▶ AVAILABLE DATA:
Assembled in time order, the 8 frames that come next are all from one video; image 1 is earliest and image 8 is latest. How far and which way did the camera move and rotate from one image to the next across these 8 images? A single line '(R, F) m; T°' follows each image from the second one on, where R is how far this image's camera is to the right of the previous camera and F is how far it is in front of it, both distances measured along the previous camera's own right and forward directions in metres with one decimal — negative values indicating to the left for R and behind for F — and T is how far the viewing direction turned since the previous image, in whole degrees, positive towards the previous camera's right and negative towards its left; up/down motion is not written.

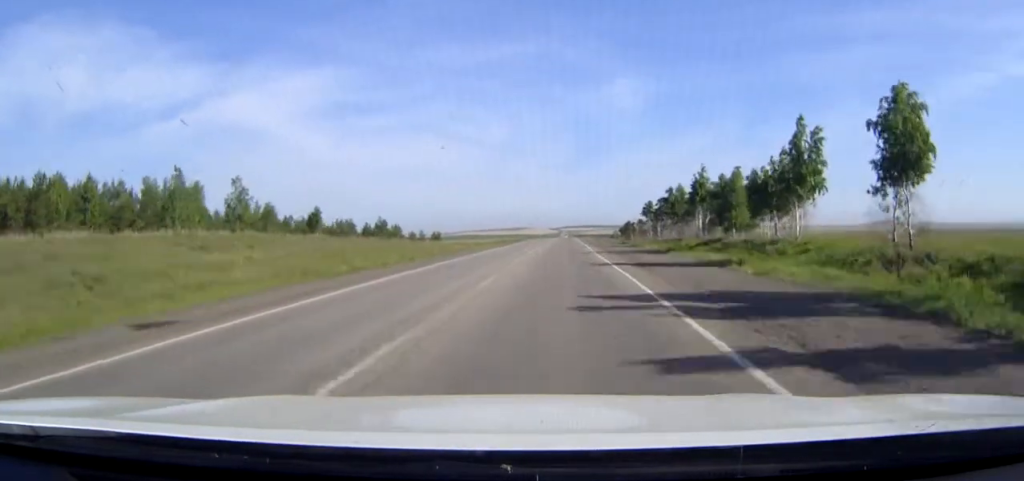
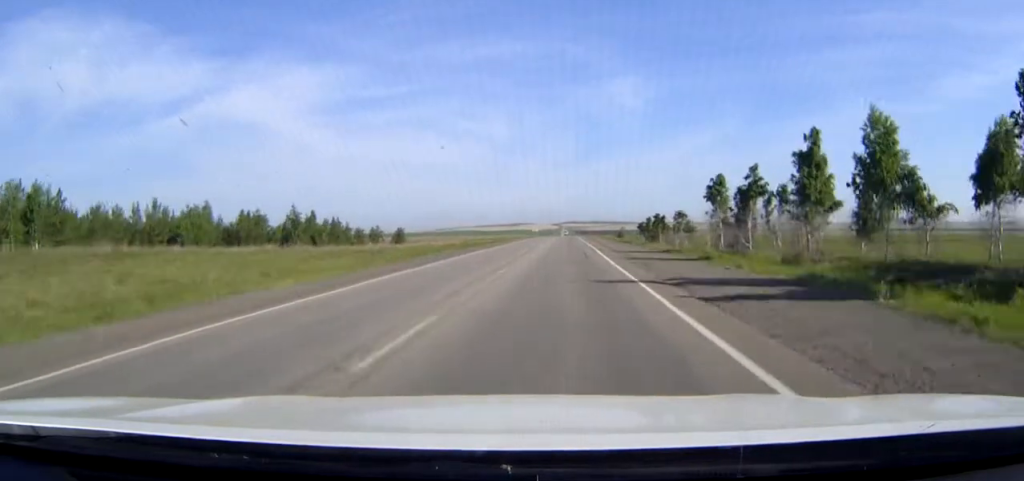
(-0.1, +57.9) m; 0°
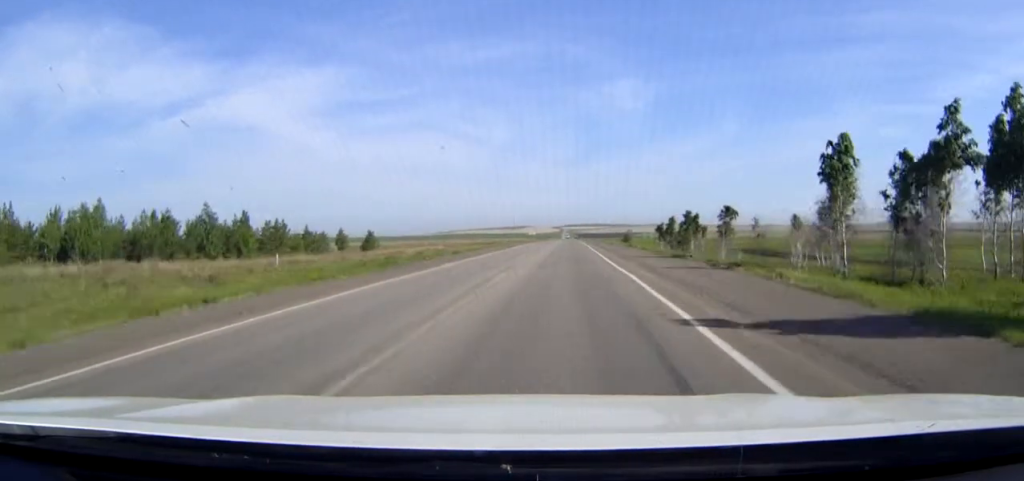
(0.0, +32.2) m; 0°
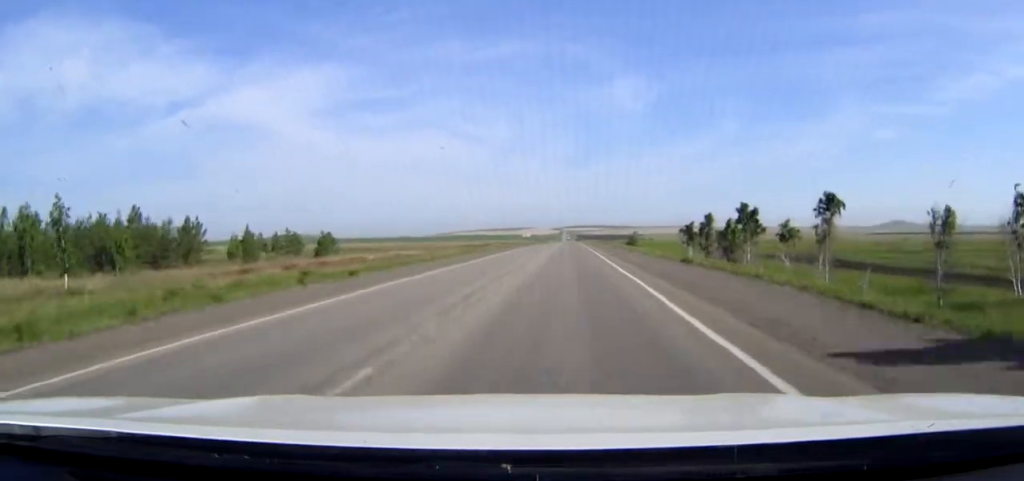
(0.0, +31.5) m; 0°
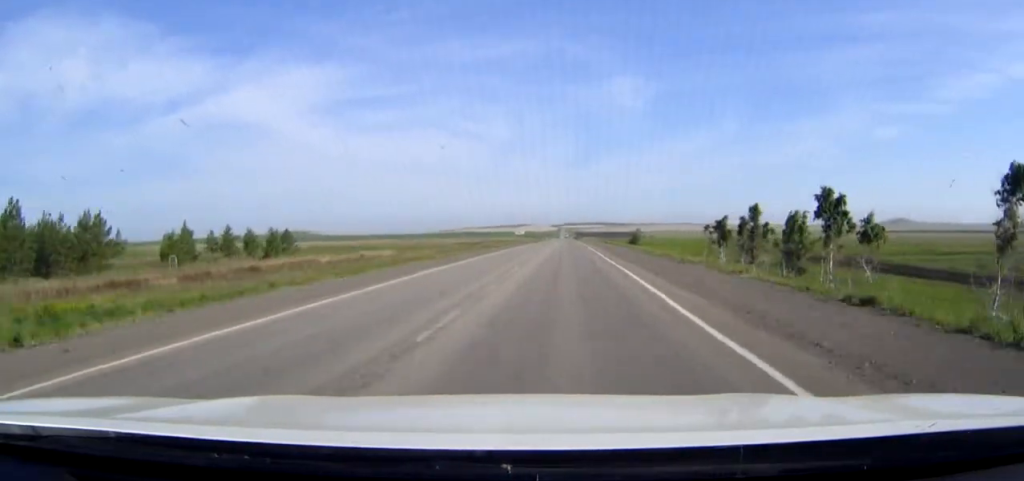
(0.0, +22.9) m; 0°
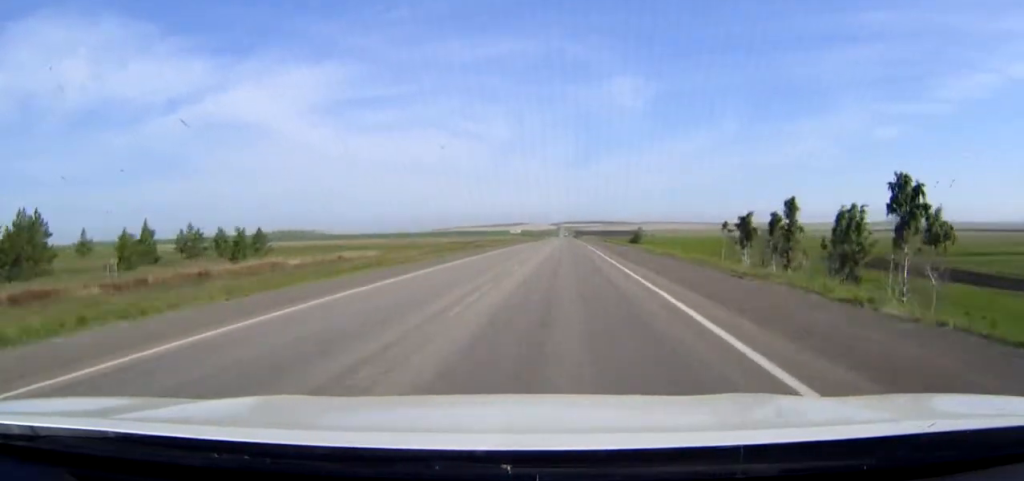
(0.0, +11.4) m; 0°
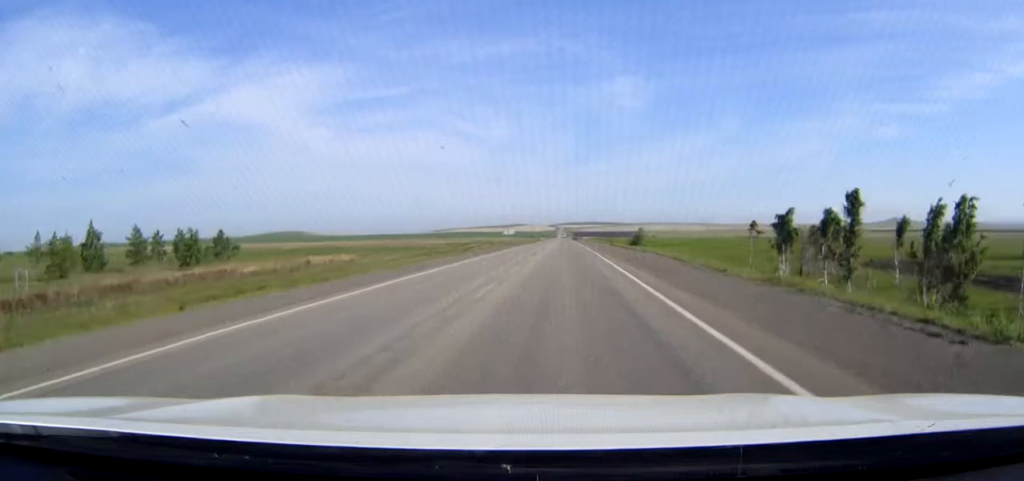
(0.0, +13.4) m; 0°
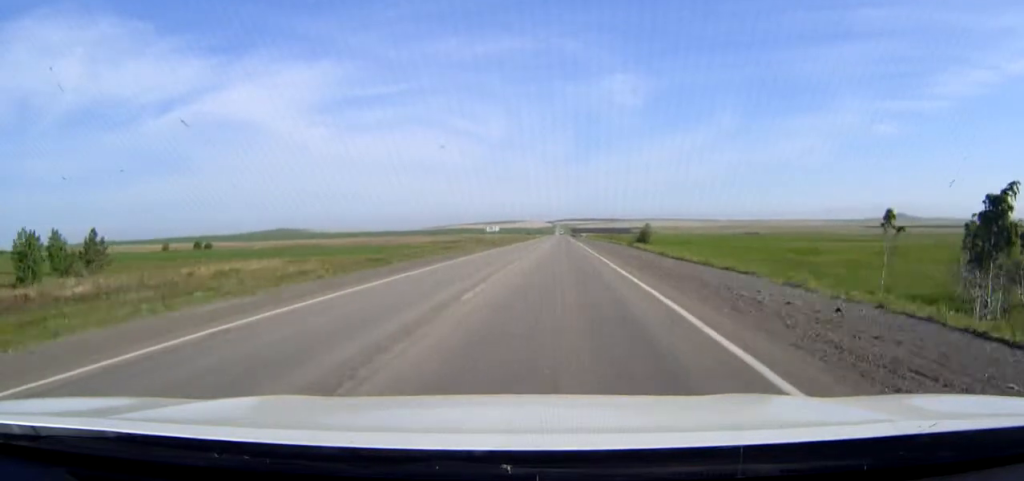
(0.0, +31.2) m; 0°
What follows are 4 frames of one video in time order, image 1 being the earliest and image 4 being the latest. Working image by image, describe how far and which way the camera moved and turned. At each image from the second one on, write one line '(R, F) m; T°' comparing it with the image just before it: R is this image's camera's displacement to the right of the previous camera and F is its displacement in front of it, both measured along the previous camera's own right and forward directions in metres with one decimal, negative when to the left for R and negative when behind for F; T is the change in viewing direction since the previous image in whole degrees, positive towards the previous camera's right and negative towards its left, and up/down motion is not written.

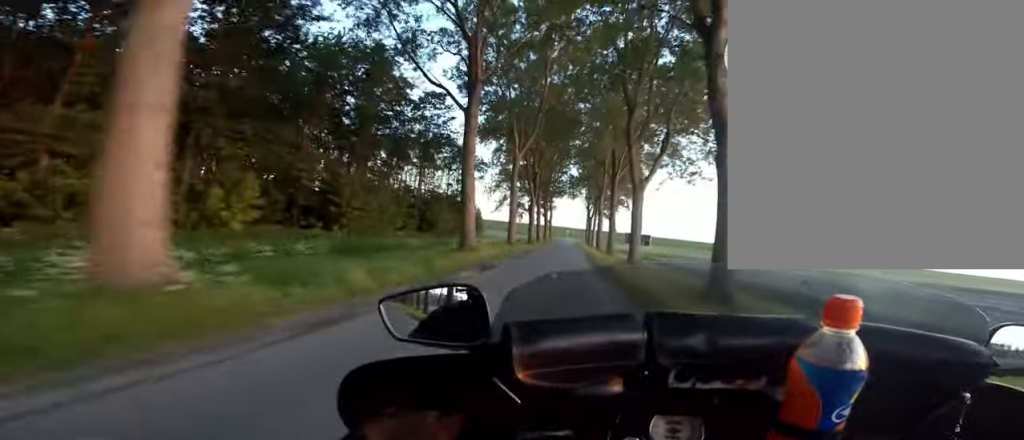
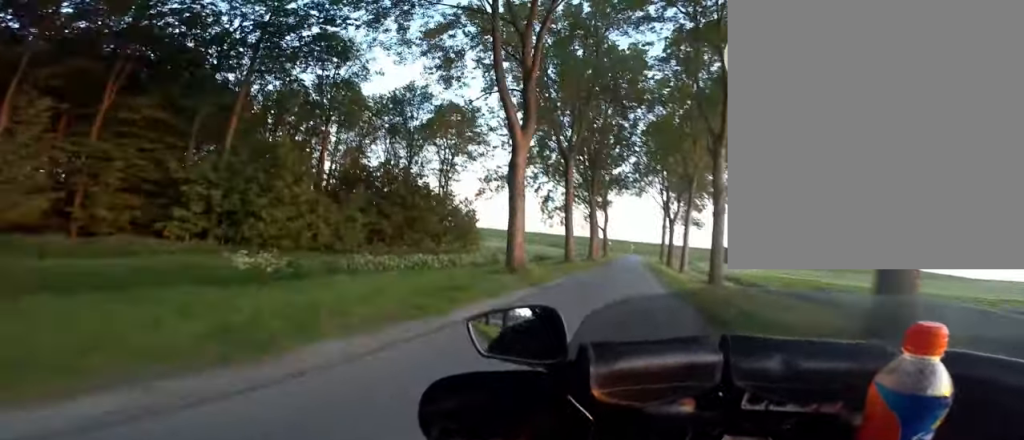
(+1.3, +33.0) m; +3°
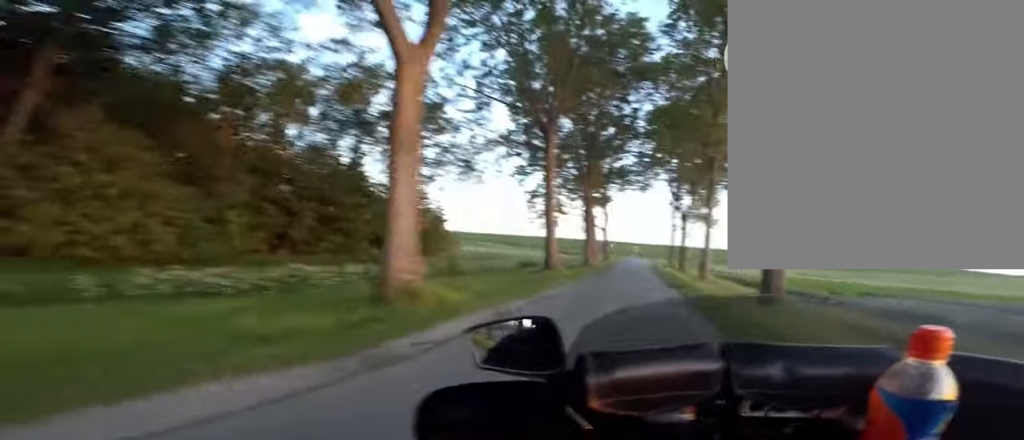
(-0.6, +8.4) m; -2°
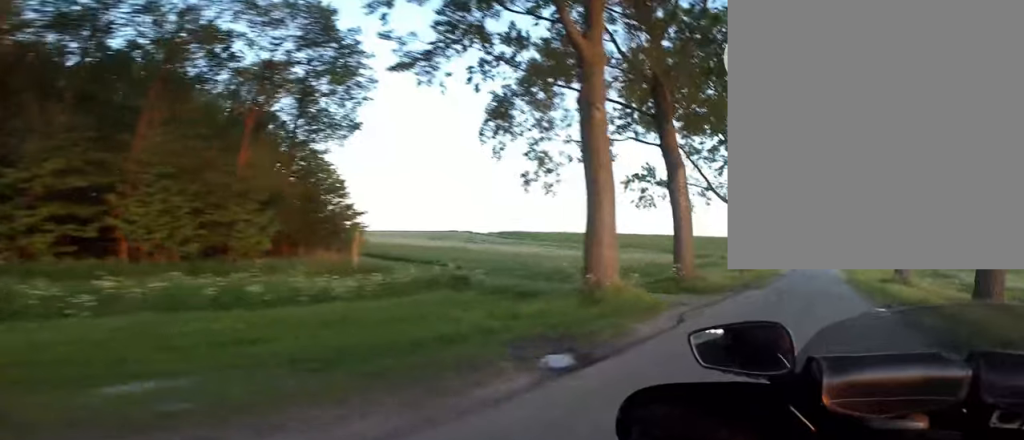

▶ AIM OF THE EXERCISE: Give the material above again exactly as it stands, minus any images.

▶ WRITTEN ANSWER:
Assembled in time order, the 8 frames that come next are all from one video; image 1 is earliest and image 8 is latest. How far and which way did the camera move and rotate from one image to the next across these 8 images? A single line '(R, F) m; T°' follows each image from the second one on, where R is how far this image's camera is to the right of the previous camera and F is how far it is in front of it, both distances measured along the previous camera's own right and forward directions in metres with one decimal — negative values indicating to the left for R and behind for F — and T is how far the viewing direction turned since the previous image, in whole degrees, positive towards the previous camera's right and negative towards its left; up/down motion is not written.

(-0.1, +57.9) m; 0°
(0.0, +32.2) m; 0°
(0.0, +31.5) m; 0°
(0.0, +22.9) m; 0°
(0.0, +11.4) m; 0°
(0.0, +13.4) m; 0°
(0.0, +31.2) m; 0°
What follows are 4 frames of one video in time order, image 1 being the earliest and image 4 being the latest. Working image by image, describe how far and which way the camera moved and turned. At each image from the second one on, write one line '(R, F) m; T°' comparing it with the image just before it: R is this image's camera's displacement to the right of the previous camera and F is its displacement in front of it, both measured along the previous camera's own right and forward directions in metres with one decimal, negative when to the left for R and negative when behind for F; T is the change in viewing direction since the previous image in whole degrees, positive towards the previous camera's right and negative towards its left, and up/down motion is not written.

(+1.3, +33.0) m; +3°
(-0.6, +8.4) m; -2°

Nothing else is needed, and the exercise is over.